• [Task directions] Below are records to transcribe in full and unchanged; omit every picture.

-- Opening Marker --

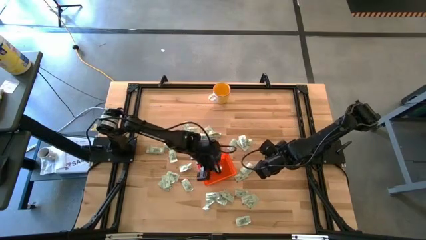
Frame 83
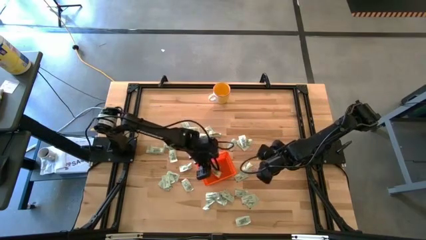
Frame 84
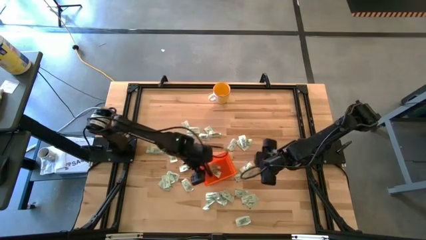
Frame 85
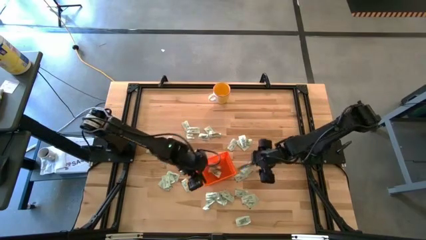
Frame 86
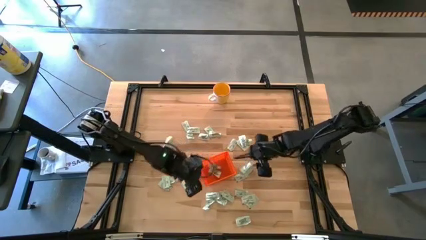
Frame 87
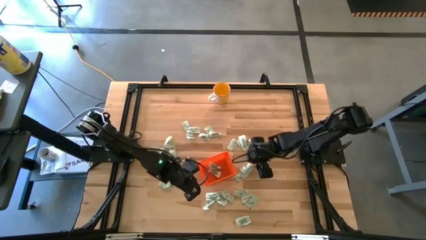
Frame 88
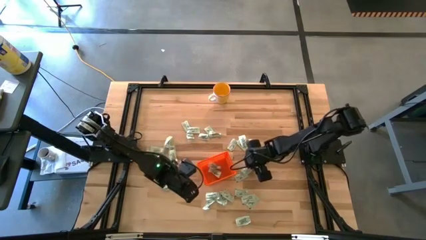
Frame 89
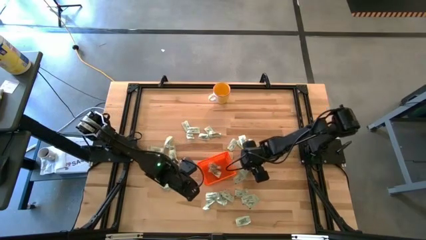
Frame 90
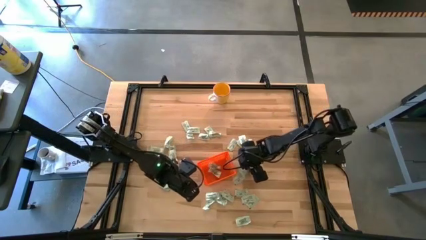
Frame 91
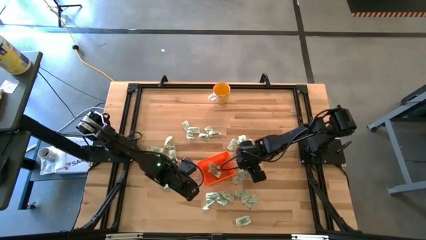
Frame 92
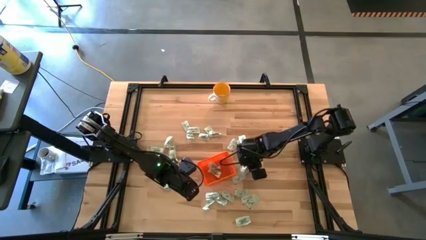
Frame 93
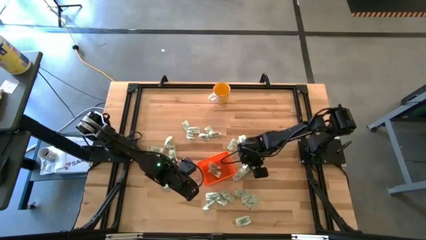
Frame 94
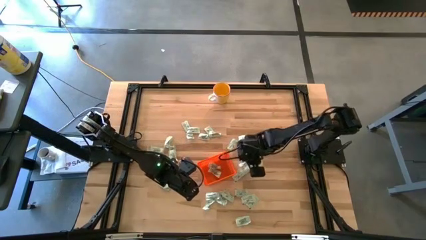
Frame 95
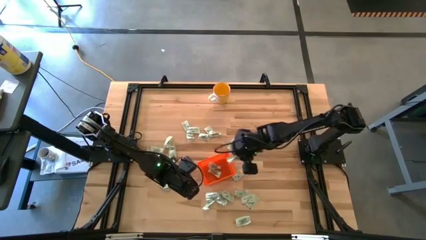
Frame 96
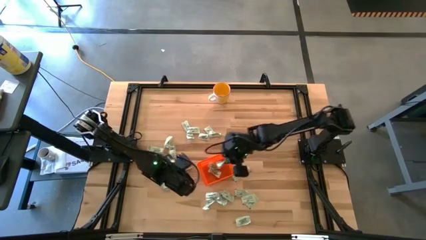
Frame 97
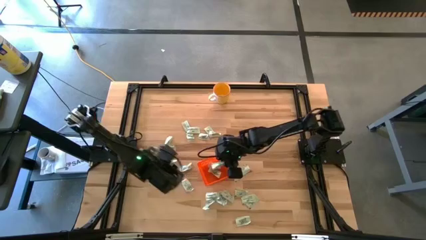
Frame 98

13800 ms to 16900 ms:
Task: Pick and place Stevia / Truvia into bins
Put the stevia packet into the bin

-- Closing Marker --

• [Task solution]
Frame 83
Frame 84
Frame 85
Frame 86
Frame 87
Frame 88
Frame 89
Frame 90
Frame 91
Frame 92
Frame 93
Frame 94
Frame 95
Frame 96
Frame 97
Frame 98

13800 ms to 16900 ms:
Task: Pick and place Stevia / Truvia into bins
Put the stevia packet into the bin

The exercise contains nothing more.